Mais pour amener sur scène l’enchanteur, Obama a du lui offrir ce qu’il n’avait pas même concédé à sa femme Michelle mardi soir : Le président vient à sa rencontre à la fin du discours, et leur accolade scelle une réconciliation propice au ralliement des électeurs indépendants en novembre.

A entendre Clinton décrire Obama « comme « cool » au dehors, mais enflammé pour l’Amérique à l’intérieur », à voir l’un l’ égo le plus radiant de l’histoire politique reconnaître « qu’aucun président, pas même moi, n’aurait pu réparer une économie aussi dégradée en si peu de temps », on ne peut qu’admirer le chemin parcouru depuis 2008 par les deux ennemis d’hier.

Depuis ses débuts en politique, dans les années 90, Barack Obama n’avait cessé de critiquer les compromis de Clinton avec les républicains sur la question de l’assistance sociale. Sa rancœur s’expliquait aussi par le soutien de Bill, en 2000, à son adversaire démocrate lors des primaires pour les élections locales du South Side de Chicago. L’ex président, pour sa part, avait réagi avec fureur aux attaques du jeune sénateur d’Illinois contre Hillary lors des primaires de 2008. Mais ce Président a embauché des anciens de son administration, et même sa femme comme secrétaire d’Etat, dès son entrée en fonction. Et mieux, il a prêté allégeance, invitant en septembre 2011 celui qu’il décrivait comme un démocrate de droite, à lui prodiguer ses conseils lors d’une partie de golf  près de la base aérienne d’Andrews.

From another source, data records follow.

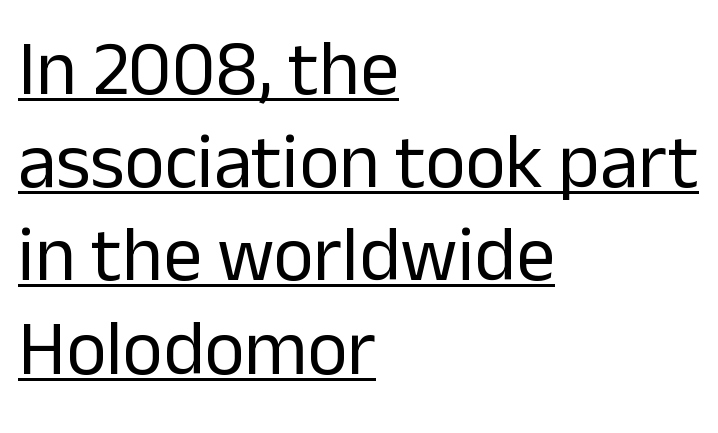
{"serif": "no", "italic": "no", "bold": "no", "weight": "regular", "width": "normal", "stroke_contrast": "low", "x_height": "medium", "monospaced": "no", "underline": "yes", "align": "left", "line_spacing_ratio": 1.21, "letter_spacing": "normal", "letter_spacing_em": 0.0, "glyph_px": 77}
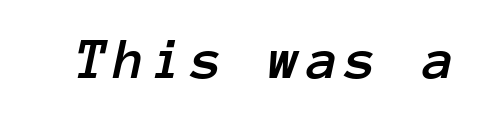
The image shows 59 px text type, italic (leaning right), monospaced; set not underlined; low stroke contrast and a medium x-height.
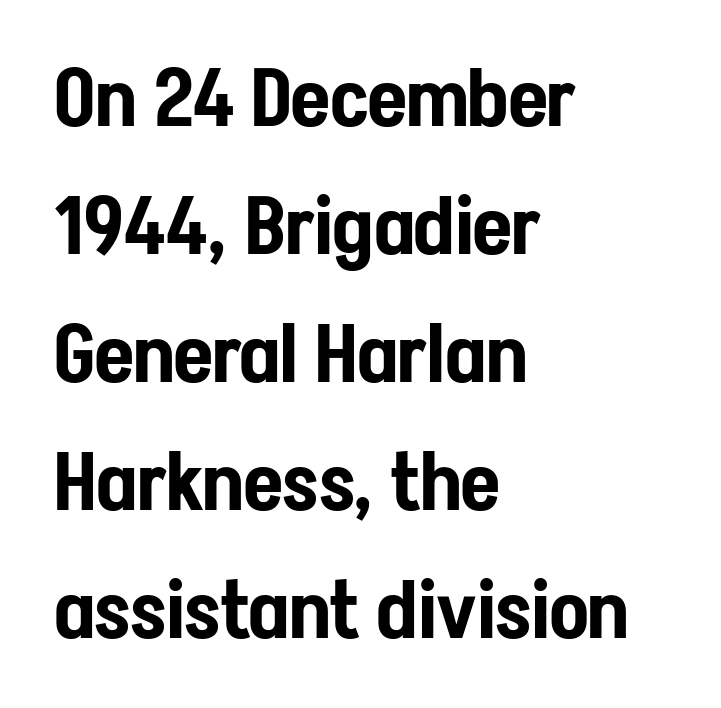
The image shows 80 px condensed sans-serif type, upright; set left-aligned, normal line spacing (1.6x), normal letter spacing, not underlined; low stroke contrast and a medium x-height.
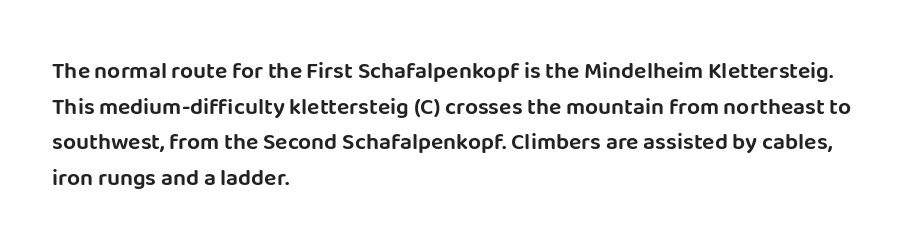
{"italic": "no", "underline": "no", "align": "left", "line_spacing": "normal", "line_spacing_ratio": 1.55, "letter_spacing": "normal", "letter_spacing_em": 0.0, "glyph_px": 23}
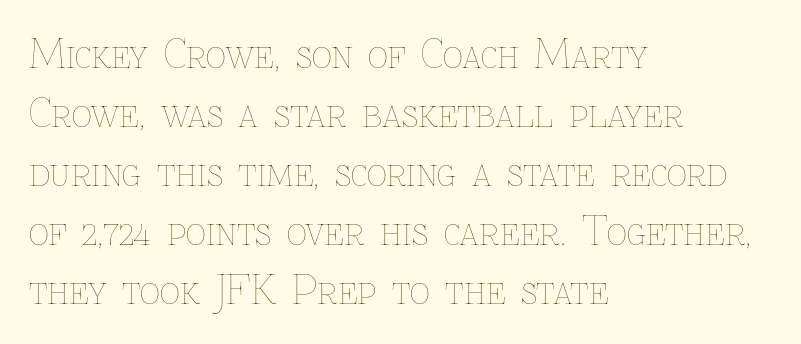
{"italic": "no", "bold": "no", "weight": "thin", "width": "normal", "stroke_contrast": "low", "x_height": "medium", "monospaced": "no", "underline": "no", "align": "left", "line_spacing": "normal", "line_spacing_ratio": 1.51, "letter_spacing": "normal", "letter_spacing_em": 0.0, "glyph_px": 39}
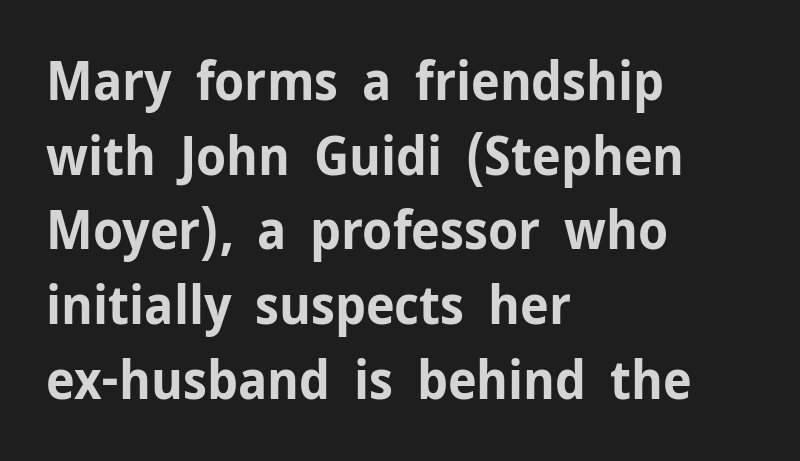
The image shows 53 px bold sans-serif type, upright; set left-aligned, normal line spacing (1.41x), normal letter spacing, not underlined; low stroke contrast and a medium x-height.
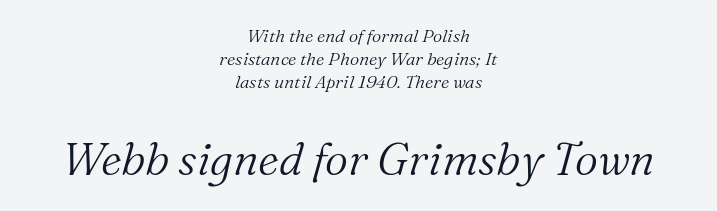
{"serif": "yes", "italic": "yes", "lean": "right", "slant_degrees": 16, "bold": "no", "weight": "light", "width": "normal", "stroke_contrast": "medium", "x_height": "medium", "monospaced": "no", "underline": "no", "align": "center", "line_spacing": "normal", "line_spacing_ratio": 1.29, "letter_spacing": "normal", "letter_spacing_em": 0.0, "larger_block": "second", "size_ratio": 2.5, "glyph_px": 45}
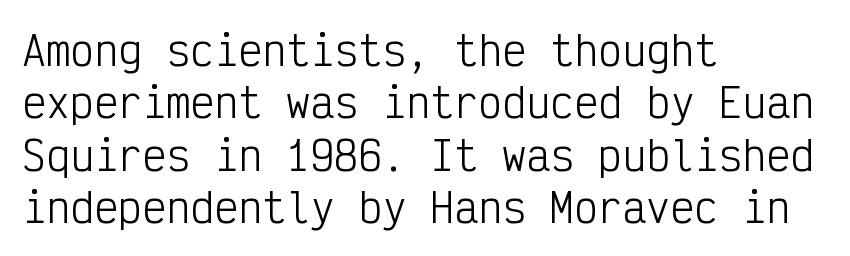
The image shows 40 px light, condensed sans-serif type, upright, monospaced; set left-aligned, normal line spacing (1.31x), normal letter spacing, not underlined; low stroke contrast and a medium x-height.
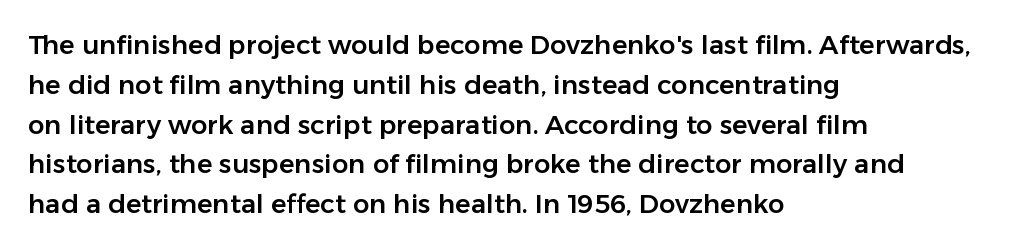
{"italic": "no", "underline": "no", "align": "left", "line_spacing": "normal", "line_spacing_ratio": 1.53, "letter_spacing": "normal", "letter_spacing_em": 0.0, "glyph_px": 26}
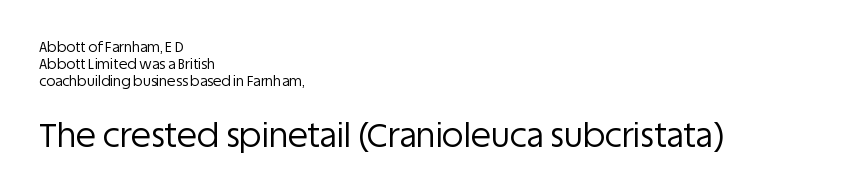
The image shows 33 px regular-weight sans-serif type, upright; set left-aligned, line spacing 1.2x, normal letter spacing, not underlined; the second (bottom) block is 2.36x larger; low stroke contrast and a large x-height.
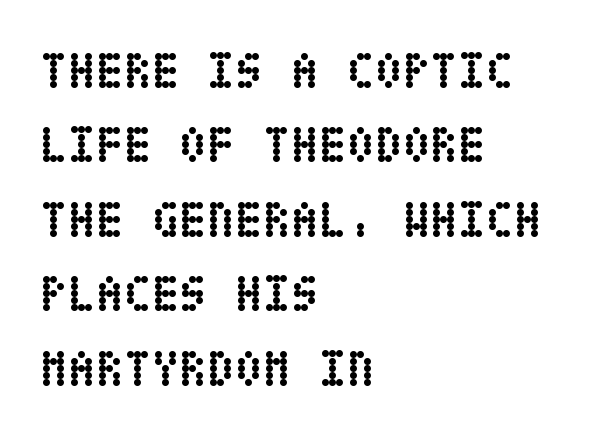
Students, this is bold: see how much ink each stroke carries. Layout note: lines flush left. The letters stand straight up with perfectly vertical stems. One glance says typical: line gaps are just what's usual. Words appear dense and cohesive because spacing is normal. Any mark beneath the type? The region is blank.
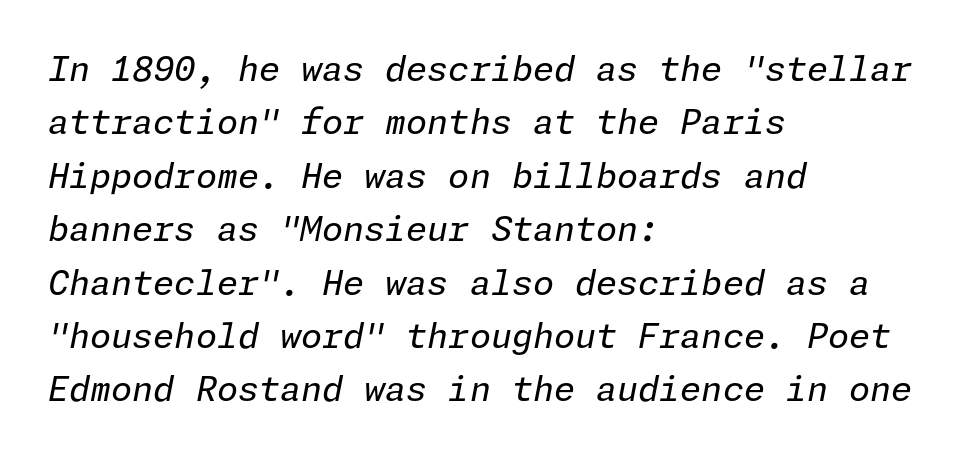
Does the copy run flush right? No — it runs flush left. This sample uses an oblique cut, with every glyph tilted off the vertical. Check the space under the baseline: it is left empty. Each stroke keeps to a modest, everyday thickness or less.
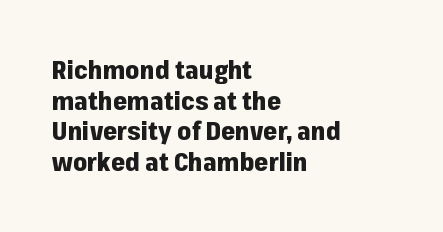
Q: Is the text bold? A: Yes.
Q: Is the text italic (slanted)? A: No, it is upright.
Q: Is the text underlined? A: No.
Q: How is the paragraph aligned? A: Left-aligned.
Q: Is the spacing between letters normal or unusually wide? A: Normal.
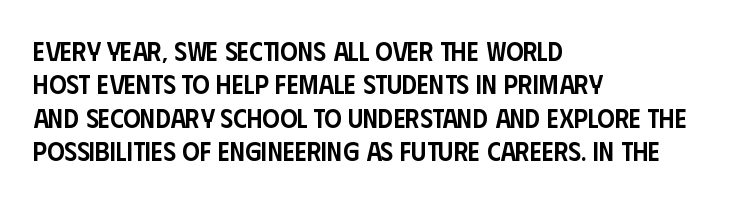
Q: Is the text bold? A: Semi-bold.
Q: Is the text italic (slanted)? A: No, it is upright.
Q: Is the text underlined? A: No.
Q: How is the paragraph aligned? A: Left-aligned.
Q: Is the spacing between letters normal or unusually wide? A: Normal.
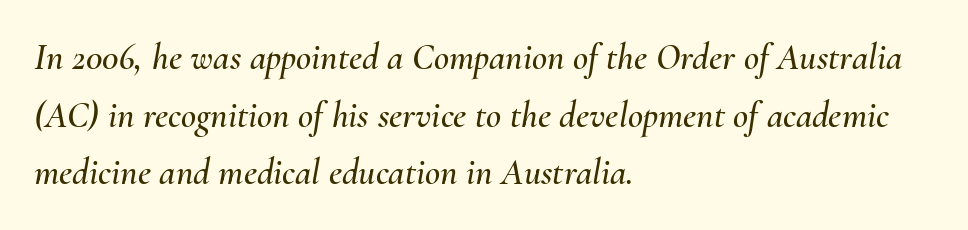
Q: Is the text italic (slanted)? A: Yes, it leans right by about 10 degrees.
Q: Is the text underlined? A: No.
Q: How is the paragraph aligned? A: Left-aligned.
Q: Is the spacing between letters normal or unusually wide? A: Normal.
Q: Is the spacing between lines tight, normal or loose? A: Normal.
Q: Width (condensed, normal, or wide)? A: Normal.
Q: Stroke contrast? A: Medium.
Q: x-height? A: Small.
Q: Monospaced? A: No.
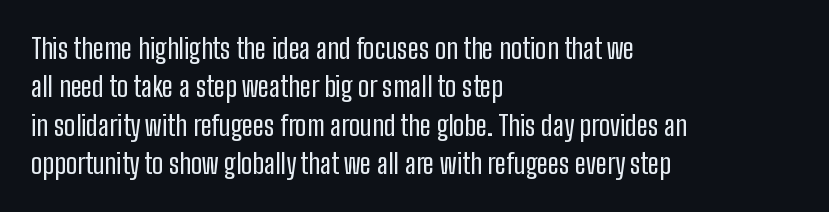
{"serif": "no", "italic": "no", "bold": "no", "weight": "regular", "width": "condensed", "stroke_contrast": "low", "x_height": "medium", "monospaced": "no", "underline": "no", "align": "left", "line_spacing": "normal", "line_spacing_ratio": 1.37, "letter_spacing": "normal", "letter_spacing_em": 0.0, "glyph_px": 28}
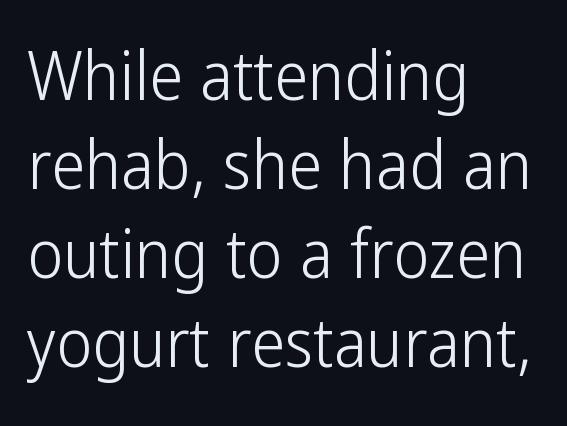
The image shows 68 px light, condensed sans-serif type, upright; set left-aligned, normal line spacing (1.31x), normal letter spacing, not underlined; low stroke contrast and a medium x-height.
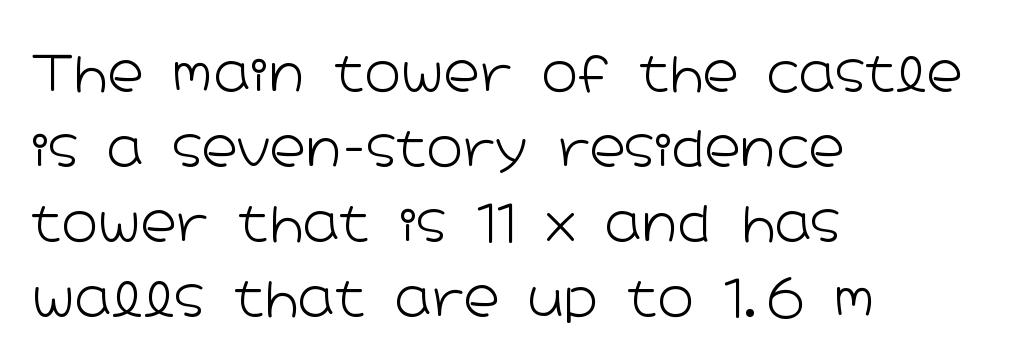
The image shows 49 px light, wide sans-serif type, upright; set left-aligned, normal line spacing (1.53x), normal letter spacing, not underlined; low stroke contrast and a medium x-height.
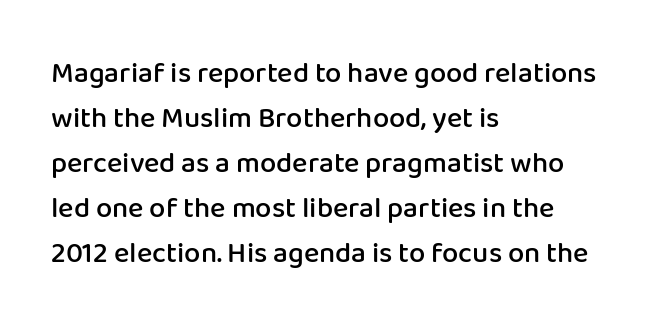
The image shows 29 px semibold sans-serif type, upright; set left-aligned, normal line spacing (1.55x), normal letter spacing, not underlined; low stroke contrast and a medium x-height.
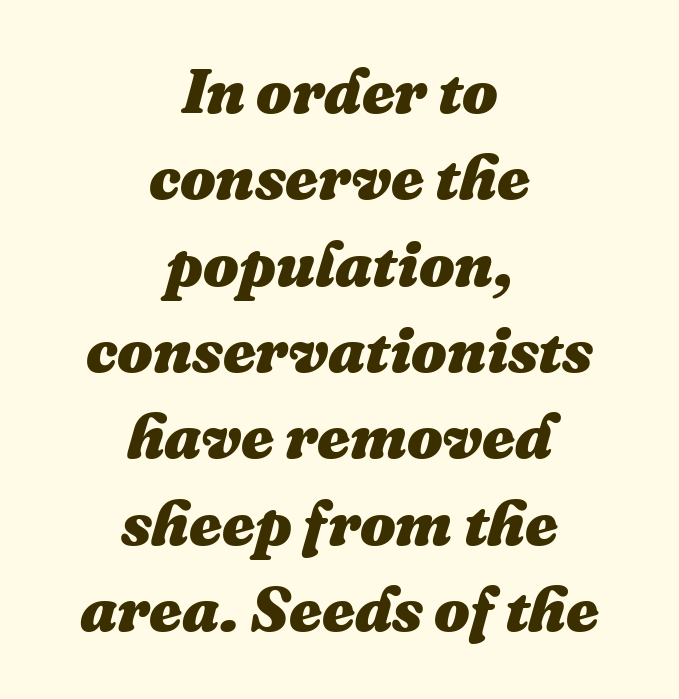
Type without underlining. Notice how descenders clear the ascenders below comfortably — that's standard leading. This sample has the flowing, uneven cadence of proportional lettering. Every row of glyphs is offset so its center matches the block's center. Bold? Absolutely — the strokes are thick and heavy.
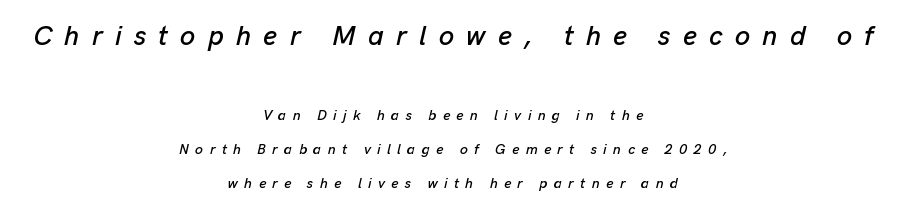
Q: Is the text italic (slanted)? A: Yes, it leans right by about 13 degrees.
Q: Is the text underlined? A: No.
Q: How is the paragraph aligned? A: Centered.
Q: Is the spacing between letters normal or unusually wide? A: Unusually wide.
Q: Is the spacing between lines tight, normal or loose? A: Loose.
Q: Which block of text is set in a larger size, the first (top) or the second (bottom)? A: The first (top) one.
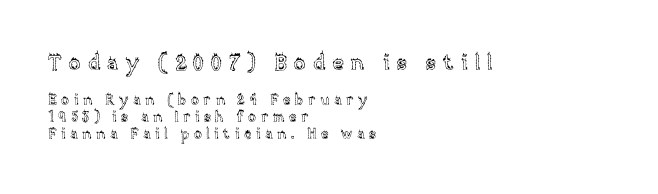
The image shows 21 px text type, upright; set left-aligned, line spacing 1.21x, unusually wide letter spacing (+0.33 em), not underlined; the first (top) block is 1.5x larger.

Bill a depuis participé à près d’une dizaine de galas de levée de fonds pour Obama, accepté d’accoler sa marque infaillible et sa popularité incomparable à celle d’un Président menacé. Espère t-il ainsi, damer le chemin pour une élection d’Hillary Clinton en 2016 ? Son message, ce soir était, en tout cas, simple, fut-il paternel et un rien impérieux : « Je veux que Barack Obama soit le prochain président des Etats-Unis »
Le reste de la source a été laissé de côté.